TASK INPUT:
[Start of section]

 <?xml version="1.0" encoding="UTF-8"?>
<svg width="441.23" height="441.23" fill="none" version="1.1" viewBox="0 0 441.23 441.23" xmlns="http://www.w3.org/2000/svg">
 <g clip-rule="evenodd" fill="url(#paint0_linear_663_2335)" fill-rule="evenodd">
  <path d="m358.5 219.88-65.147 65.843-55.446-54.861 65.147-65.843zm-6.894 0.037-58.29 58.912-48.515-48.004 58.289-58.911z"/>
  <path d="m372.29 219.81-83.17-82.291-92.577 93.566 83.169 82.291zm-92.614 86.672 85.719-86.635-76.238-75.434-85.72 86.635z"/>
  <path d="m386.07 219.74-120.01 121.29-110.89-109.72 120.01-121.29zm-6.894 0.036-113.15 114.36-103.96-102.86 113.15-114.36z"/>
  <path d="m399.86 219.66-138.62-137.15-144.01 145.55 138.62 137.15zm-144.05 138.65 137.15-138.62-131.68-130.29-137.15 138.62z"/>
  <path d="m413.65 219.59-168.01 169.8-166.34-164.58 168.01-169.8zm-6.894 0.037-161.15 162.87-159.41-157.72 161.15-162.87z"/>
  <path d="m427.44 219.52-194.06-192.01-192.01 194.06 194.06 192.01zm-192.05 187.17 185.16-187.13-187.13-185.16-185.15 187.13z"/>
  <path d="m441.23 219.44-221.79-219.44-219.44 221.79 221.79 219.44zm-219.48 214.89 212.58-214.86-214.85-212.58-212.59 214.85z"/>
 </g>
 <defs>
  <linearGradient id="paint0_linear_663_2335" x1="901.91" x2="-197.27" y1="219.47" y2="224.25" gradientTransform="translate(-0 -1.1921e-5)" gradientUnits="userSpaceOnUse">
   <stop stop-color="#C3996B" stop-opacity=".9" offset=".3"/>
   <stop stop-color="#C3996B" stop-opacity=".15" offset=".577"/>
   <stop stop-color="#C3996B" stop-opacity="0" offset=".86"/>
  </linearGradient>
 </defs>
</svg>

[End of section]

EXERCISE REQUIREMENTS:
Could you please find every line of the listing above holding the string "fill" and copy it?

EXERCISE ANSWER:
<svg width="441.23" height="441.23" fill="none" version="1.1" viewBox="0 0 441.23 441.23" xmlns="http://www.w3.org/2000/svg">
 <g clip-rule="evenodd" fill="url(#paint0_linear_663_2335)" fill-rule="evenodd">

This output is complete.